And as for the exhaust, lets say it's an open engine bay car so there's nothing to burn and there's not turbo.
Had to think about this one awhile even tho I know that people have tried to run VERY short intake pipes on their cars-- the engines had ended up untunable and down on power, even with multi port fuel injection with separate throttle butterflys. They had to revert to a manifold length of some semblance of what the manufacturer originaly had. So I guess the theme of what I think the problem is--is "intake velocity".
So if you have an intake port on lets say, a diesel (no throttle) that simply stops at the head, imagine the intake valve starting to open, the piston going down, air flowing in thru the HOLE, the valve closes, the air stops flowing. End of story. Every intake cycle the scenario plays thru
the same. No intake cycle is connected to the cycle before or after it.
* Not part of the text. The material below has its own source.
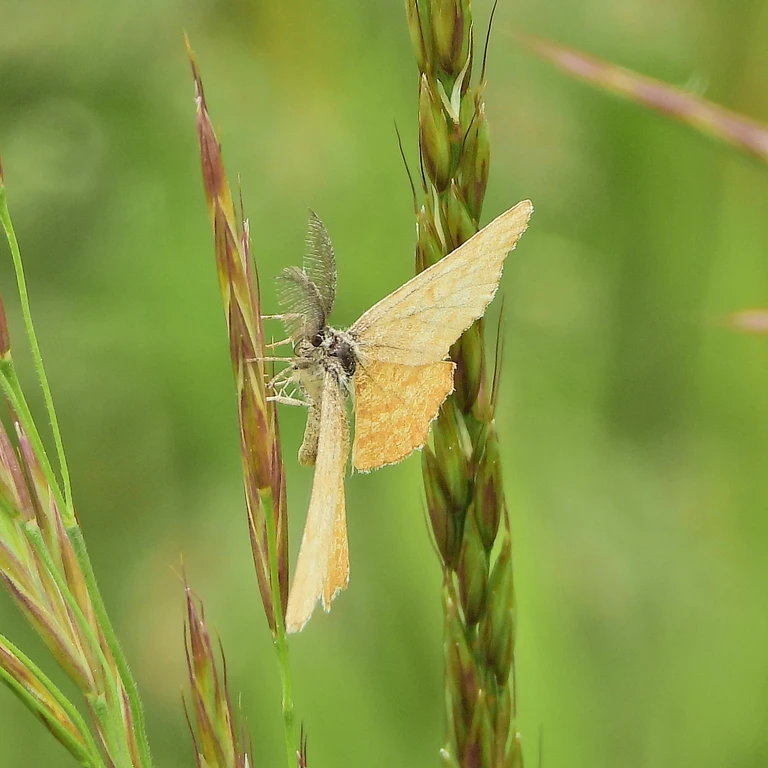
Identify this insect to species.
Ematurga atomaria

However, if you have a proper length tube on this intake port, the tube acts like a container of sorts. It stores a history of the intake stroke before, the upcoming intake PULSE, and probably the next one to come. In actuality the engine sucks the air in- in a series of pulses, but the air has mass (weight), therefore inertia, so once it is set in motion, it wants to stay in motion (it has a velocity now). The air in the intake pipe is always flowing toward the intake valve because of its inertia. So when the intake valve opens, the air is already crowded against the valve and the engine finds that more air is available to fill the cylinder than if there was no intake pipe, and it had to suck in whatever was available--from scratch, so to speak.
If you can can get this active column of air pulsing and bouncing really well, and the net velocity of the intake charge high enough, the cylinder can be charged over to over 100% efficiency.
An intake port can also contain fuel that is spit out during the valve overlap cycle, so you can see better fuel economy as well.
I'm done.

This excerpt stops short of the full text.